Stored data entries:
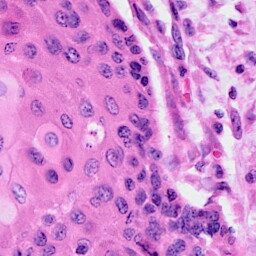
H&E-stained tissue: Cervix
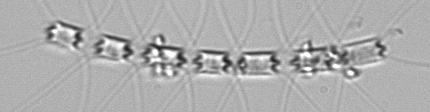
Label: Chaetoceros_didymus_TAG_external_flagellate
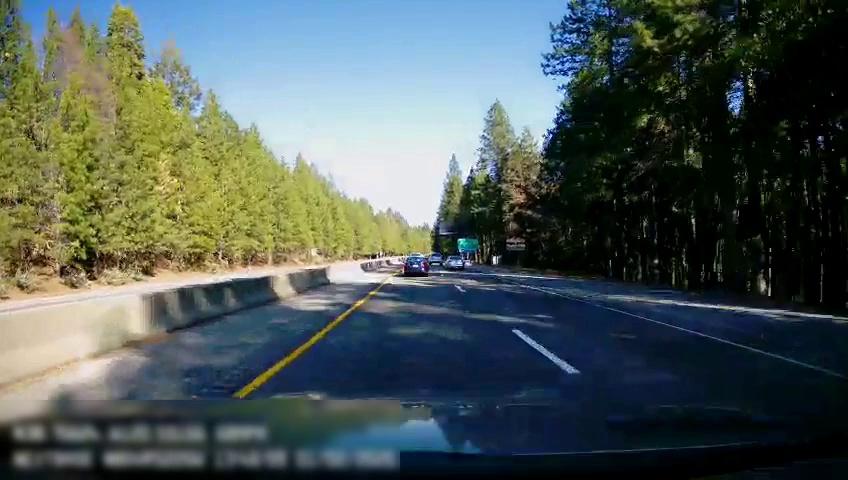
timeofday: Day
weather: Sunny
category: Drivable Space
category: Drivable Space
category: Vehicles | Car
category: Vehicles | Car
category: Vehicles | Car
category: Lanes | Current Lane
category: Lanes | Current Lane
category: Lanes | Alternate Lane
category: Traffic | Signs
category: Traffic | Signs
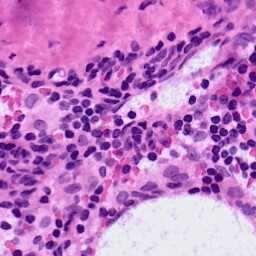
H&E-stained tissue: LymphNode
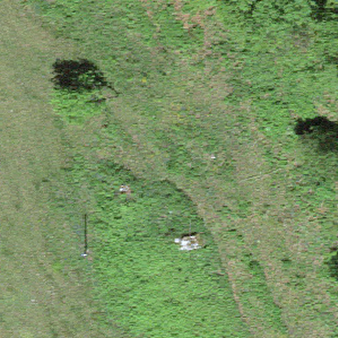
Label: other
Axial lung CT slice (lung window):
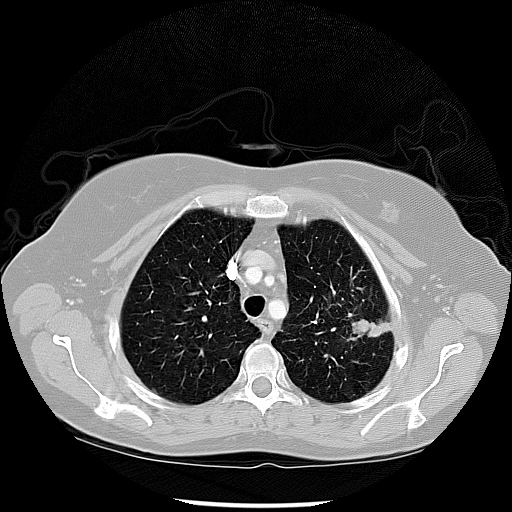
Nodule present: yes
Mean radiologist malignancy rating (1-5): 4
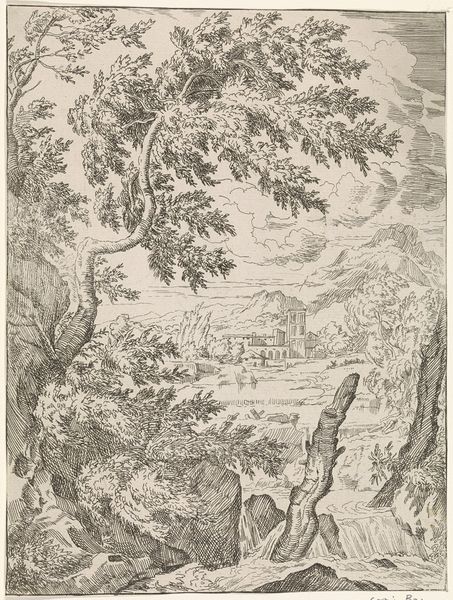
Titel: Waterval met boomstronk
Künstler: Abraham Genoels
Standort: Amsterdam
Institution: Rijksmuseum
Schlagwörter: homme, maison, gravure, arbre, ciel, ville, église, tronc, rivière, torrent, barrière, callot, sylvestre
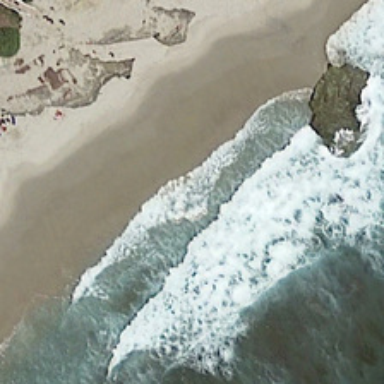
The sea water swashes against a rock on the beach and stirs up white waves .
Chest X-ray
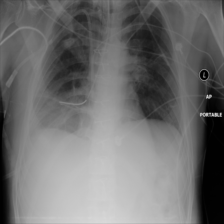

> [WORK TO COMPLETE]: Return every record exactly, leaving out the pictures.

> [WRITTEN SOLUTION]:
H&E-stained tissue: Cervix
Label: Chaetoceros_didymus_TAG_external_flagellate
timeofday: Day
weather: Sunny
category: Drivable Space
category: Drivable Space
category: Vehicles | Car
category: Vehicles | Car
category: Vehicles | Car
category: Lanes | Current Lane
category: Lanes | Current Lane
category: Lanes | Alternate Lane
category: Traffic | Signs
category: Traffic | Signs
H&E-stained tissue: LymphNode
Label: other
Axial lung CT slice (lung window):
Nodule present: yes
Mean radiologist malignancy rating (1-5): 4
Titel: Waterval met boomstronk
Künstler: Abraham Genoels
Standort: Amsterdam
Institution: Rijksmuseum
Schlagwörter: homme, maison, gravure, arbre, ciel, ville, église, tronc, rivière, torrent, barrière, callot, sylvestre
The sea water swashes against a rock on the beach and stirs up white waves .
Chest X-ray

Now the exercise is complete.